Task description:
Each record, exactly as written, should be printed again.

Input records:
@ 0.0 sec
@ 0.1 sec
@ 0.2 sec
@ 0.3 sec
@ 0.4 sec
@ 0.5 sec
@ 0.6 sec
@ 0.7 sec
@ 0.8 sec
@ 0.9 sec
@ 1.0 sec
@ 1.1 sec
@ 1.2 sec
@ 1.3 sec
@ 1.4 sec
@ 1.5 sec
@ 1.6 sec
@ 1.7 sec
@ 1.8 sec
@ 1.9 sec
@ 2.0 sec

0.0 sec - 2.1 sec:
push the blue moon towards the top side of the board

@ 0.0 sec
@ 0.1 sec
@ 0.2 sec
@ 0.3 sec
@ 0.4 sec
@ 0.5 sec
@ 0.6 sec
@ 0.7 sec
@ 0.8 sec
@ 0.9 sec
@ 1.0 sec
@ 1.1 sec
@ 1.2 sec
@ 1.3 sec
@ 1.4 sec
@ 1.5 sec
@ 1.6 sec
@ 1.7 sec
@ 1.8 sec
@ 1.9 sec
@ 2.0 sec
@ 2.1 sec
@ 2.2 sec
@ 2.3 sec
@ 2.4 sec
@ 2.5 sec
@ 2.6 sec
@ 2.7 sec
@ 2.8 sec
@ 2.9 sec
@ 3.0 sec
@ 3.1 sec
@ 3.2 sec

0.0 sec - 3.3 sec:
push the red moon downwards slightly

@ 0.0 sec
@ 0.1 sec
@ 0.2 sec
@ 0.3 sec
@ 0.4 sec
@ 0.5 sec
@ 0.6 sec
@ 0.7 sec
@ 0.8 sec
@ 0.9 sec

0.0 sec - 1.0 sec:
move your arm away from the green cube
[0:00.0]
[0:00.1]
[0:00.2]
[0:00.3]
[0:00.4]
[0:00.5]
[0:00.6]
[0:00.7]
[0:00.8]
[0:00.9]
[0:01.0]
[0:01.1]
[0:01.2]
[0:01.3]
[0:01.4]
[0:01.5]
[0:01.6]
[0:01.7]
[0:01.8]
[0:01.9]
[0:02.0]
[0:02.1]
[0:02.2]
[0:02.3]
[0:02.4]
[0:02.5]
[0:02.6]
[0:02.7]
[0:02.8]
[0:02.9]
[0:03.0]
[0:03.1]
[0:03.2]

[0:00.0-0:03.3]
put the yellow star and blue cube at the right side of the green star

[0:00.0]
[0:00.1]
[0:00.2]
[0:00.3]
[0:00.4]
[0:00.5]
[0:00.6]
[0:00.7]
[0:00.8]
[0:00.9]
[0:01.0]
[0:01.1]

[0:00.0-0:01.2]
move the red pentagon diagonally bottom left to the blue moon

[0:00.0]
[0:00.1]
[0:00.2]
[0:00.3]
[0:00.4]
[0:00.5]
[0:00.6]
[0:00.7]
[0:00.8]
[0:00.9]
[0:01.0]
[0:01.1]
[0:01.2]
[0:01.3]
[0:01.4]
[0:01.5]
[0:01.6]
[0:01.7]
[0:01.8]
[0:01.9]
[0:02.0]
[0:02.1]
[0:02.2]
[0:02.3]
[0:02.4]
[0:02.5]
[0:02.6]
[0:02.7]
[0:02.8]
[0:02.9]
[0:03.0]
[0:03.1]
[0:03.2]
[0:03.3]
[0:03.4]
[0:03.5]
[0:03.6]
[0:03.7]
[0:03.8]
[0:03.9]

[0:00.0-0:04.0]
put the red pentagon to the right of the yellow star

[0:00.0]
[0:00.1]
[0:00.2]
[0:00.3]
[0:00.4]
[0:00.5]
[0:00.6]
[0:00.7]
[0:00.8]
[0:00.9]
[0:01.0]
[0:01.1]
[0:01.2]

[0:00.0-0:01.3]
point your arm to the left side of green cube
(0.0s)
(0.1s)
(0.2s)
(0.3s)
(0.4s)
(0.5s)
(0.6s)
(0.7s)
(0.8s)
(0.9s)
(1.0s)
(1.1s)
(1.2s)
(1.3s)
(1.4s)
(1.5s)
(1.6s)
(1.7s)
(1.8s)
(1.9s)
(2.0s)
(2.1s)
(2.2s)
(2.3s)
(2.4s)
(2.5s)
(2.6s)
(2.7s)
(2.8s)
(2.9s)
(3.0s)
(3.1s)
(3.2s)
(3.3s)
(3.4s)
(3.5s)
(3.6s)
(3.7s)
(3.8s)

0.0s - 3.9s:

Task output:
@ 0.0 sec
@ 0.1 sec
@ 0.2 sec
@ 0.3 sec
@ 0.4 sec
@ 0.5 sec
@ 0.6 sec
@ 0.7 sec
@ 0.8 sec
@ 0.9 sec
@ 1.0 sec
@ 1.1 sec
@ 1.2 sec
@ 1.3 sec
@ 1.4 sec
@ 1.5 sec
@ 1.6 sec
@ 1.7 sec
@ 1.8 sec
@ 1.9 sec
@ 2.0 sec

0.0 sec - 2.1 sec:
push the blue moon towards the top side of the board

@ 0.0 sec
@ 0.1 sec
@ 0.2 sec
@ 0.3 sec
@ 0.4 sec
@ 0.5 sec
@ 0.6 sec
@ 0.7 sec
@ 0.8 sec
@ 0.9 sec
@ 1.0 sec
@ 1.1 sec
@ 1.2 sec
@ 1.3 sec
@ 1.4 sec
@ 1.5 sec
@ 1.6 sec
@ 1.7 sec
@ 1.8 sec
@ 1.9 sec
@ 2.0 sec
@ 2.1 sec
@ 2.2 sec
@ 2.3 sec
@ 2.4 sec
@ 2.5 sec
@ 2.6 sec
@ 2.7 sec
@ 2.8 sec
@ 2.9 sec
@ 3.0 sec
@ 3.1 sec
@ 3.2 sec

0.0 sec - 3.3 sec:
push the red moon downwards slightly

@ 0.0 sec
@ 0.1 sec
@ 0.2 sec
@ 0.3 sec
@ 0.4 sec
@ 0.5 sec
@ 0.6 sec
@ 0.7 sec
@ 0.8 sec
@ 0.9 sec

0.0 sec - 1.0 sec:
move your arm away from the green cube
[0:00.0]
[0:00.1]
[0:00.2]
[0:00.3]
[0:00.4]
[0:00.5]
[0:00.6]
[0:00.7]
[0:00.8]
[0:00.9]
[0:01.0]
[0:01.1]
[0:01.2]
[0:01.3]
[0:01.4]
[0:01.5]
[0:01.6]
[0:01.7]
[0:01.8]
[0:01.9]
[0:02.0]
[0:02.1]
[0:02.2]
[0:02.3]
[0:02.4]
[0:02.5]
[0:02.6]
[0:02.7]
[0:02.8]
[0:02.9]
[0:03.0]
[0:03.1]
[0:03.2]

[0:00.0-0:03.3]
put the yellow star and blue cube at the right side of the green star

[0:00.0]
[0:00.1]
[0:00.2]
[0:00.3]
[0:00.4]
[0:00.5]
[0:00.6]
[0:00.7]
[0:00.8]
[0:00.9]
[0:01.0]
[0:01.1]

[0:00.0-0:01.2]
move the red pentagon diagonally bottom left to the blue moon

[0:00.0]
[0:00.1]
[0:00.2]
[0:00.3]
[0:00.4]
[0:00.5]
[0:00.6]
[0:00.7]
[0:00.8]
[0:00.9]
[0:01.0]
[0:01.1]
[0:01.2]
[0:01.3]
[0:01.4]
[0:01.5]
[0:01.6]
[0:01.7]
[0:01.8]
[0:01.9]
[0:02.0]
[0:02.1]
[0:02.2]
[0:02.3]
[0:02.4]
[0:02.5]
[0:02.6]
[0:02.7]
[0:02.8]
[0:02.9]
[0:03.0]
[0:03.1]
[0:03.2]
[0:03.3]
[0:03.4]
[0:03.5]
[0:03.6]
[0:03.7]
[0:03.8]
[0:03.9]

[0:00.0-0:04.0]
put the red pentagon to the right of the yellow star

[0:00.0]
[0:00.1]
[0:00.2]
[0:00.3]
[0:00.4]
[0:00.5]
[0:00.6]
[0:00.7]
[0:00.8]
[0:00.9]
[0:01.0]
[0:01.1]
[0:01.2]

[0:00.0-0:01.3]
point your arm to the left side of green cube
(0.0s)
(0.1s)
(0.2s)
(0.3s)
(0.4s)
(0.5s)
(0.6s)
(0.7s)
(0.8s)
(0.9s)
(1.0s)
(1.1s)
(1.2s)
(1.3s)
(1.4s)
(1.5s)
(1.6s)
(1.7s)
(1.8s)
(1.9s)
(2.0s)
(2.1s)
(2.2s)
(2.3s)
(2.4s)
(2.5s)
(2.6s)
(2.7s)
(2.8s)
(2.9s)
(3.0s)
(3.1s)
(3.2s)
(3.3s)
(3.4s)
(3.5s)
(3.6s)
(3.7s)
(3.8s)

0.0s - 3.9s:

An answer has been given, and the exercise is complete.